Égypte : RSF demande l’abandon immédiat de toutes les poursuites contre trois journalistes indépendantes du site Mada Masr

Trois journalistes de Mada Masr, l’un des derniers sites d’information indépendants en Égypte, doivent être jugées à partir du 6 mars 2023 pour “offense contre des députés” et “mauvaise utilisation des canaux de communication”, et risquent jusqu'à deux ans de prison. Reporters sans frontières (RSF) demande l'abandon immédiat et inconditionnel de toutes les poursuites contre les trois journalistes.

Elles avaient déjà été détenues pour un long interrogatoire par le procureur général de Rehab, au Caire, en septembre 2022, aux côtés de la cofondatrice et rédactrice en chef de Mada Masr Lina Attalah, lauréate du prix RSF 2020 de l’indépendance.  Les trois journalistes de la publication égyptienne indépendante, Beesan Kassab, Sara Seif Eddin et Rana Mamdouh, doivent comparaître cette fois devant un tribunal égyptien, pour "offense contre des députés" et "mauvaise utilisation des canaux de communication", à partir du 6 mars. 

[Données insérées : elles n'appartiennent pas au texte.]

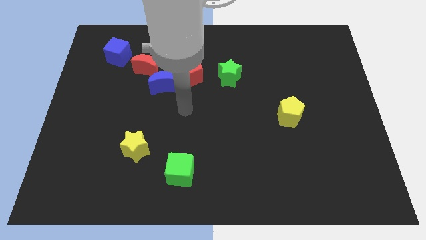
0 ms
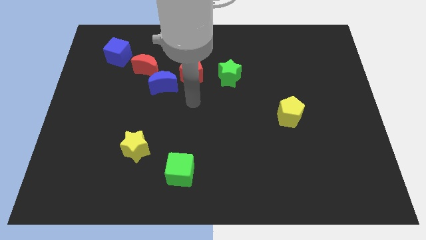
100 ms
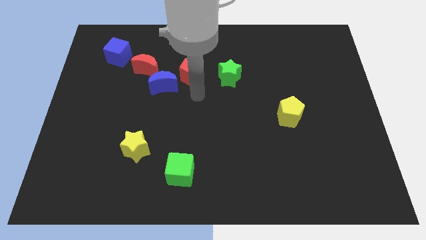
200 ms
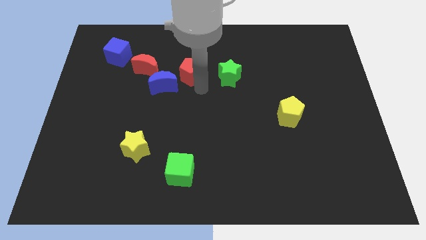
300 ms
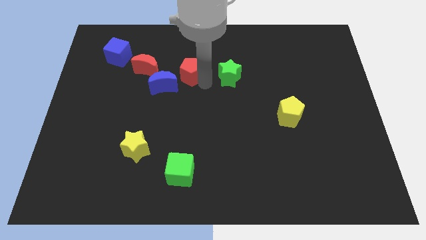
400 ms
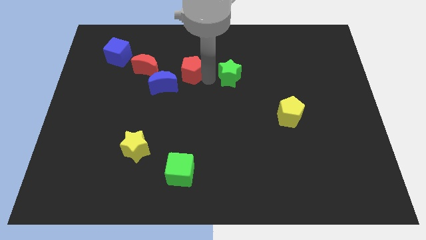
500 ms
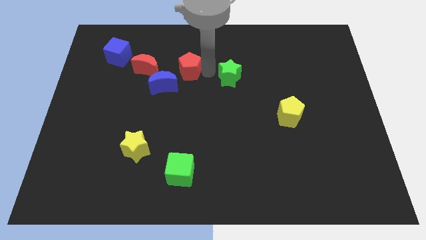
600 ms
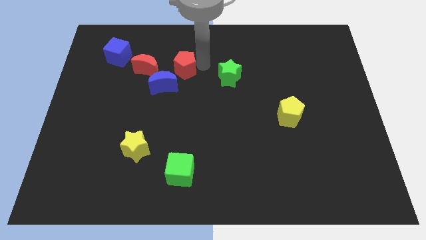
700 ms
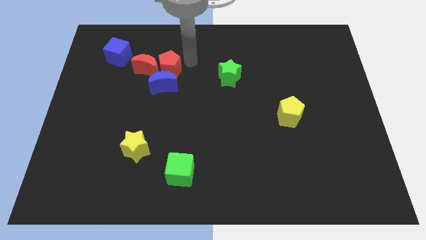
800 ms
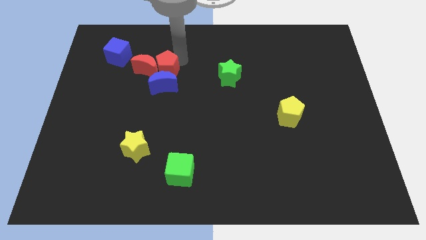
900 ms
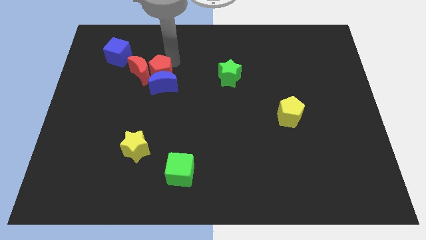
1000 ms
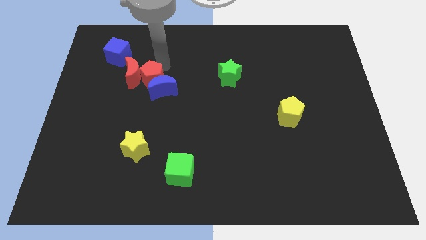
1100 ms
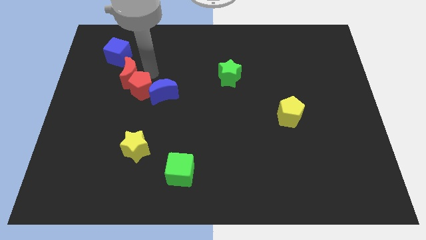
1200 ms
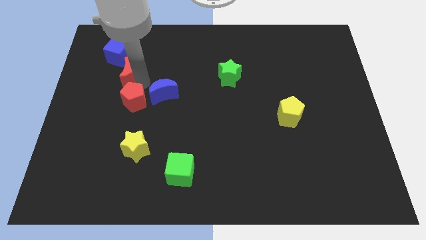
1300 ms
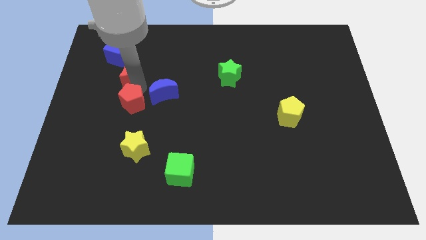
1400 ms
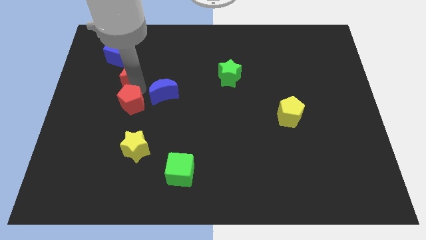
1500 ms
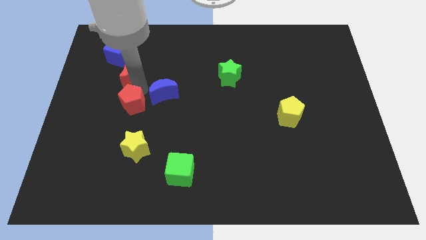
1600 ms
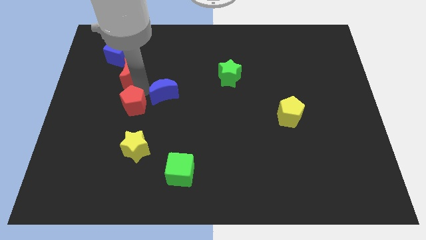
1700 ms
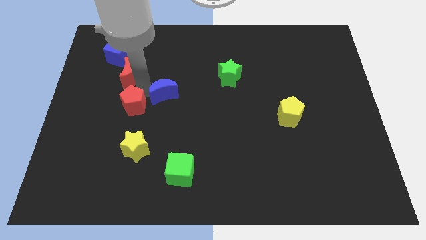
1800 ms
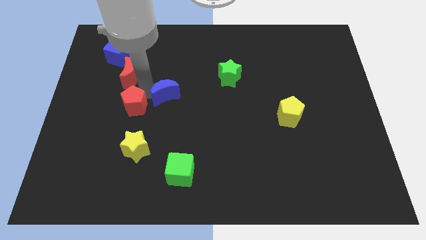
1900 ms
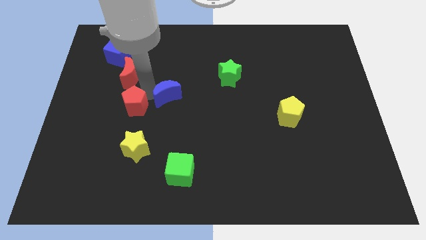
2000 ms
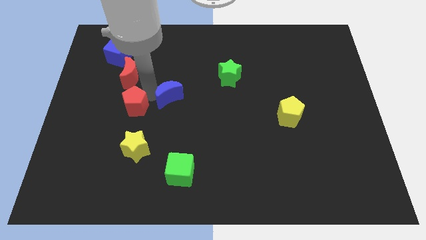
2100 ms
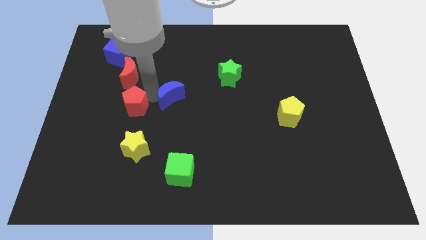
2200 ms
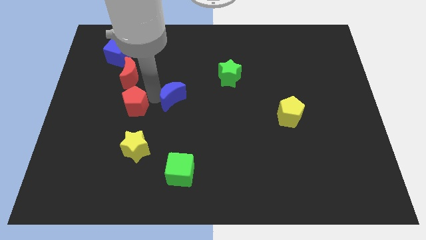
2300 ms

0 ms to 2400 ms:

La justice égyptienne leur reproche d’avoir publié en août 2022, une enquête révélant que des membres du Parti du futur de la nation, étaient impliqués dans de “graves” affaires de corruption et de trafic d’influence, qui “devraient entraîner leur retrait de la scène politique’’. Suite à la publication de cet article, des dizaines de plaintes avaient été déposées par des membres du Parti du futur de la nation, parti politique majoritaire au sein de la Chambre des représentants égyptienne et soutien du président Abdel Fattah al-Sissi, certaines accusant notamment les journalistes d’avoir diffusé de “fausses nouvelles”. Si elles sont reconnues coupables, les trois journalistes de Mada Masr risquent entre six mois à deux ans d’emprisonnement, ainsi que des amendes pouvant aller de 50 000 à 300 000 Livres égyptiennes (soit 1500 à 9200 euros).

Ce procès contre les journalistes de Mada Masr est un simulacre de justice et fait partie de l’arsenal d’intimidation et de harcèlement que le gouvernement égyptien déploie depuis des années contre ce média indépendant qui diffuse des informations au nom de l’intérêt public, déplore le responsable du bureau Moyen-Orient de RSF, Jonathan Dagher. Nous demandons l'abandon immédiat de toutes les poursuites contre Beesan Kassab, Sara Seif Eddin et Rana Mamdouh, ainsi que la libération des 23 autres journalistes actuellement détenus par le pouvoir égyptien.” 

La demande de licence du site web de Mada Masr officiellement rejetée

À l’approche du procès des trois journalistes, le Conseil suprême de la presse et des médias, organe de tutelle créé par le président Abdel Fattah al-Sissi, a officialisé le 28 février 2023,  avec quatre ans de retard, le rejet de la licence du site web de Mada Masr, dont l’accès est de fait bloqué en Egypte depuis 2017.

Conformément à une nouvelle loi sur les médias, Mada Masr avait soumis une demande de licence au Conseil suprême de la presse et des médias en 2018 pour autoriser la publication de son site web mais sa demande n’avait jamais reçu de réponse officielle de la part de l’institution. Depuis, la rédactrice en chef de Mada Masr Lina Atallah, avait pris connaissance de façon officieuse de la réponse négative de l’organe de tutelle, en septembre 2022, lors de son interrogatoire, dans le cadre des plaintes déposées contre les trois journalistes Beesan Kassab, Sara Seif Eddin et Rana Mamdouh, lorsqu’une lettre de rejet lui avait été présentée et qu’on lui avait reproché de “gérer un site web sans la licence appropriée”. 

Suite à cette découverte, Mada Masr avait lancé une action en justice pour contraindre le Conseil suprême de la presse et des médias à justifier les causes de son refus par écrit. Selon l’organe de tutelle, le site web indépendant  aurait soumis sa demande de licence trop tardivement en 2020, six mois après la publication du règlement exécutif de la nouvelle loi sur les médias. D’autres motifs de rejet sont énumérés par l’institution égyptienne, parmi lesquels l’invalidité présumée des documents présentés lors de sa demande. Des manquements contestés par le site d’information indépendant. 

L’Officialisation du refus de la licence du site web de Mada Masr est hautement symbolique. Non seulement parce que le site d’information indépendant est l'une des dernières publications en Égypte à ne pas être tombées sous le contrôle ou l'influence directe de l'État égyptien, mais aussi parce que ce dernier assume ainsi au grand jour son acharnement contre le journalisme indépendant et la liberté d’expression.